Ignoring every picture, return the lines of the listing below word for word, from the line that holds "Não quero mais" through the line that holds "czyli rozwój kompetencji".

Task inputs Block Start

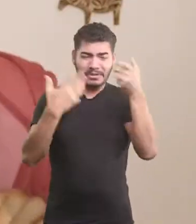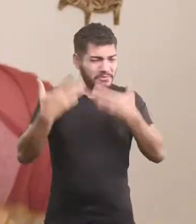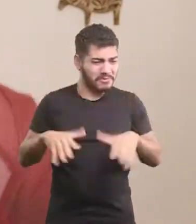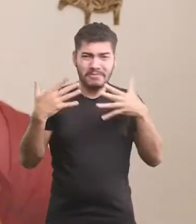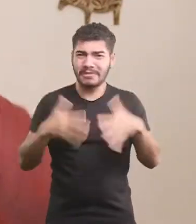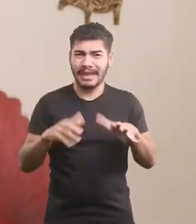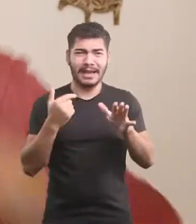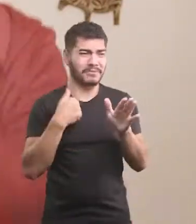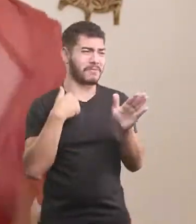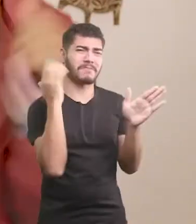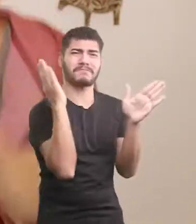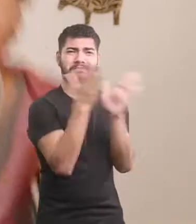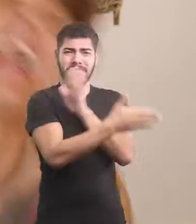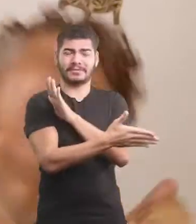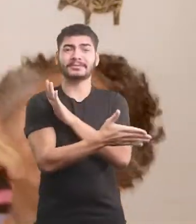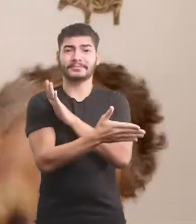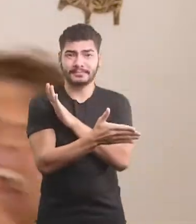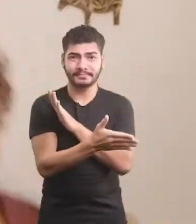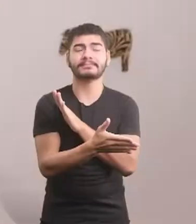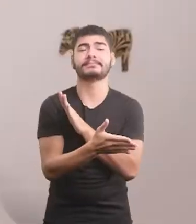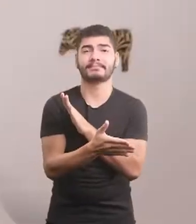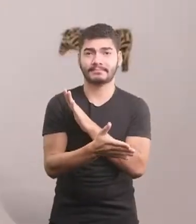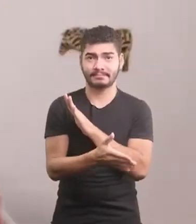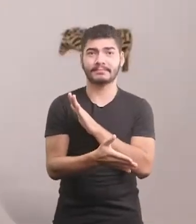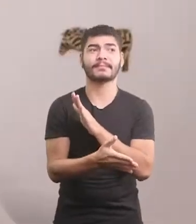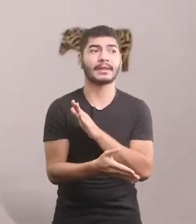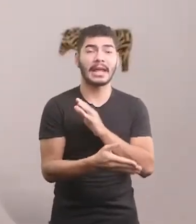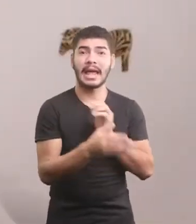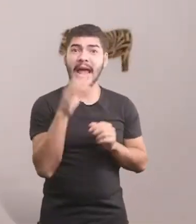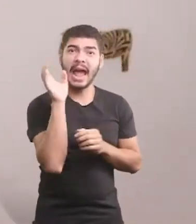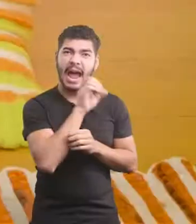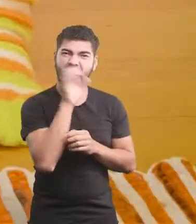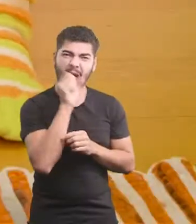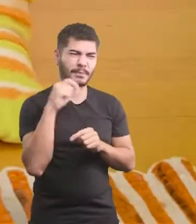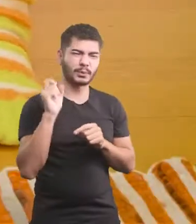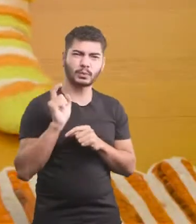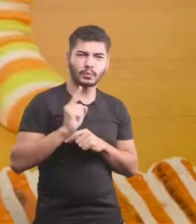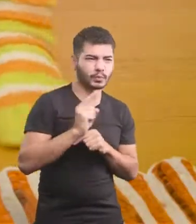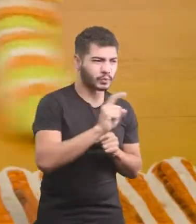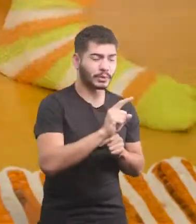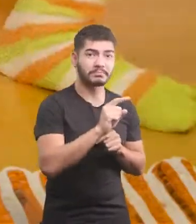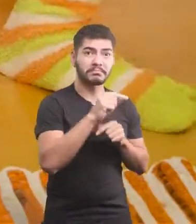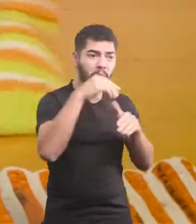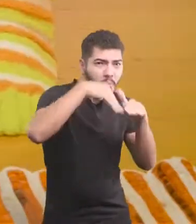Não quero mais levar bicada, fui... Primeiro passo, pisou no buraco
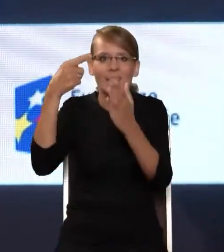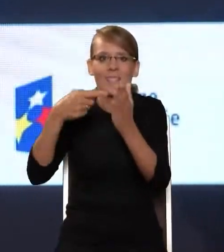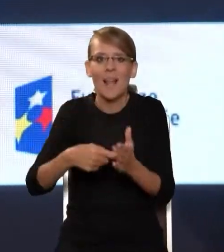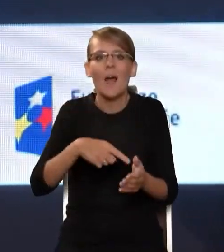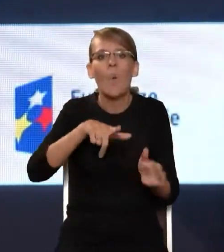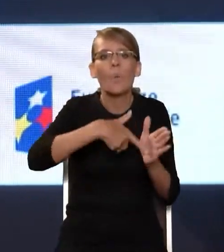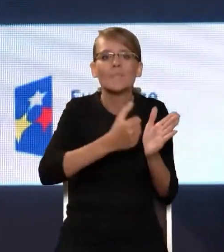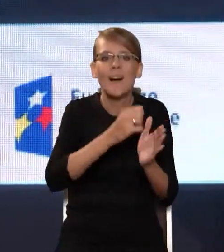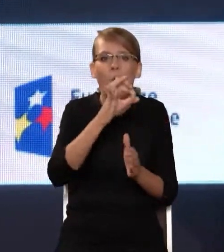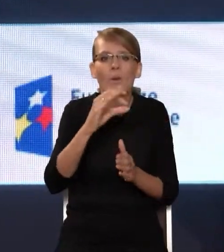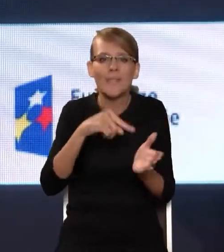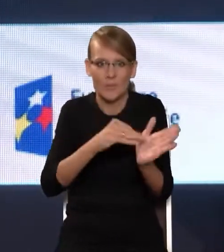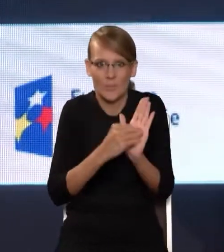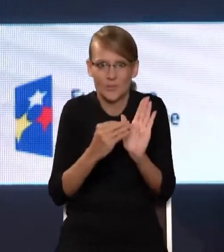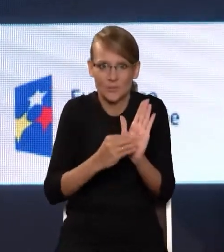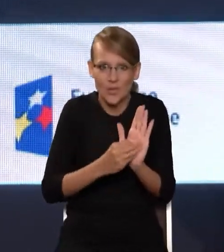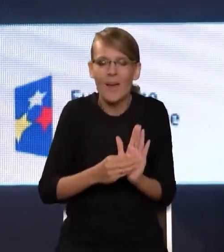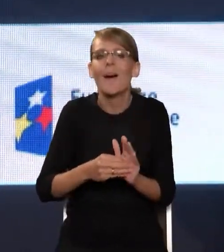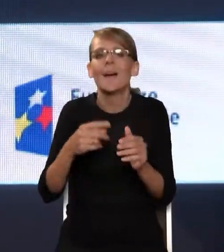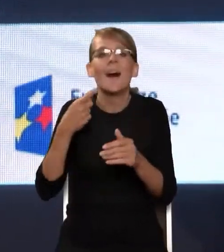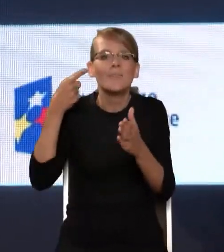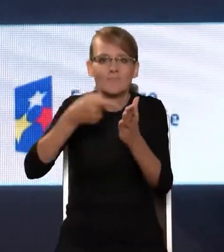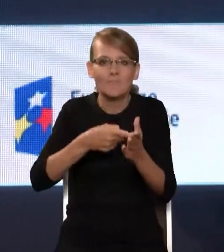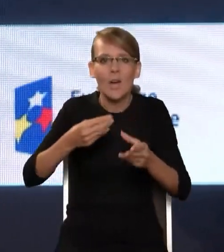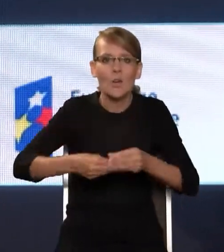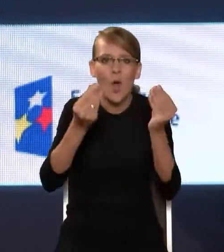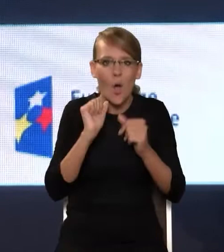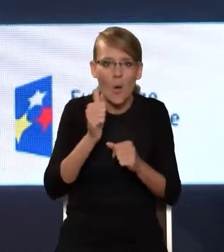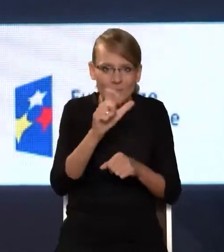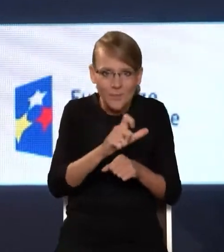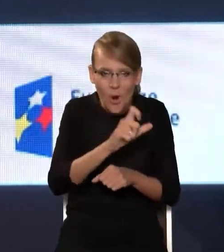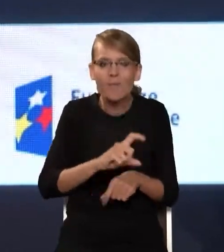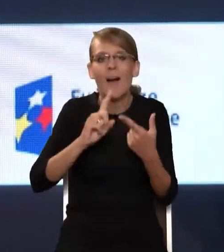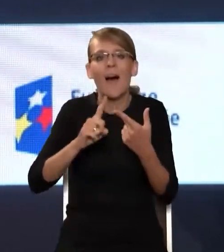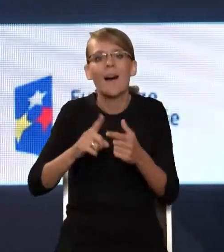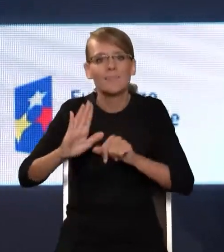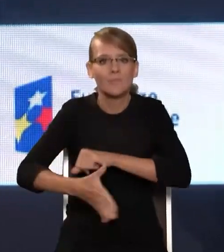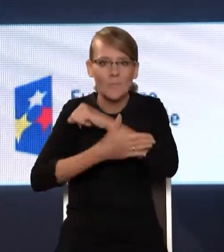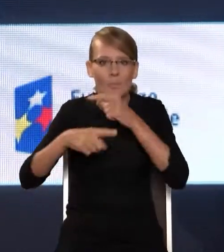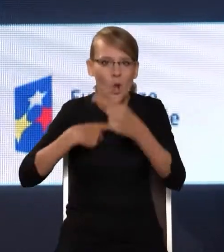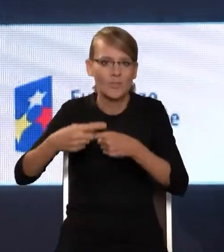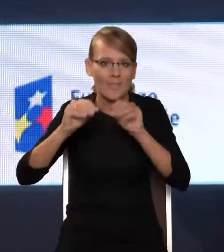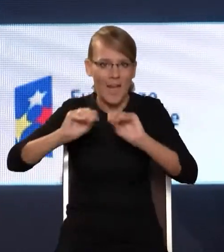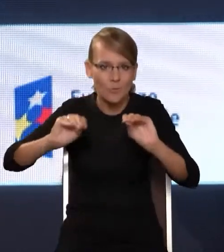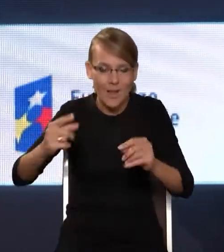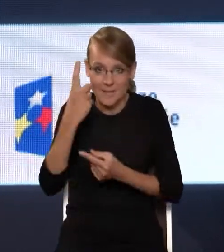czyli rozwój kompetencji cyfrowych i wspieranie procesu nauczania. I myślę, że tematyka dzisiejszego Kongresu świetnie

Task inputs Block End
Task inputs Block Start

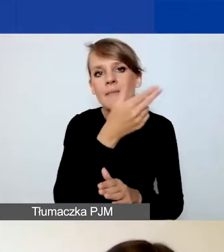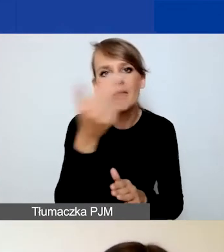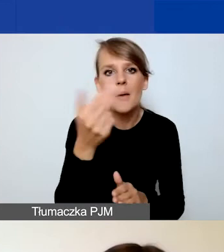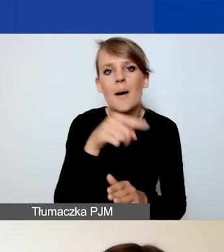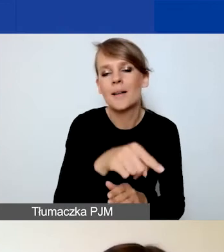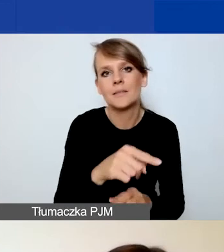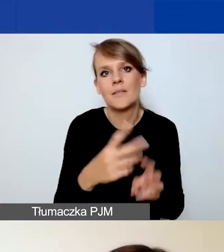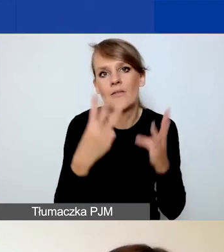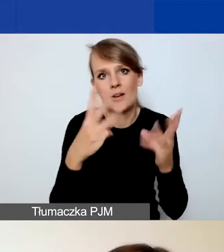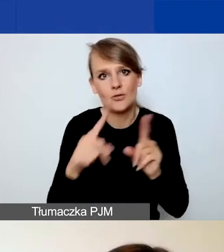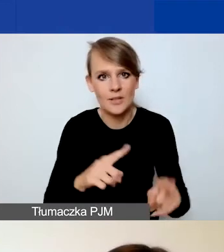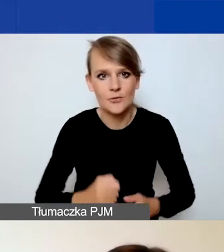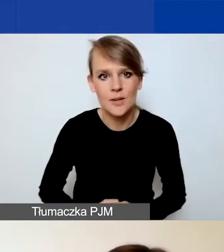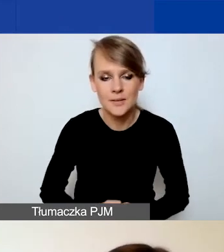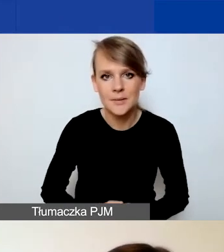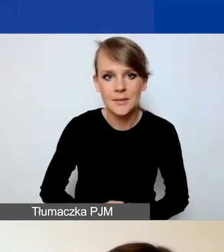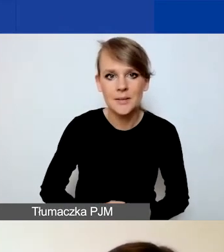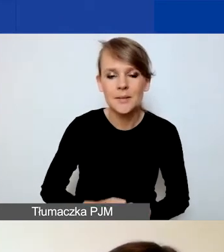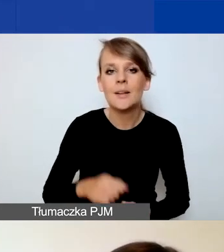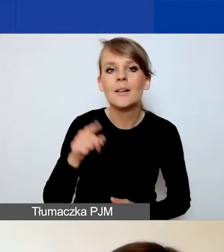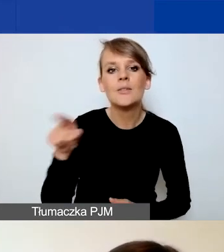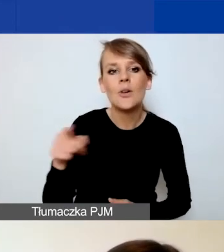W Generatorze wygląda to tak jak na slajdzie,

Task inputs Block End

• [Answer area]:
Não quero mais levar bicada, fui... Primeiro passo, pisou no buraco
czyli rozwój kompetencji cyfrowych i wspieranie procesu nauczania. I myślę, że tematyka dzisiejszego Kongresu świetnie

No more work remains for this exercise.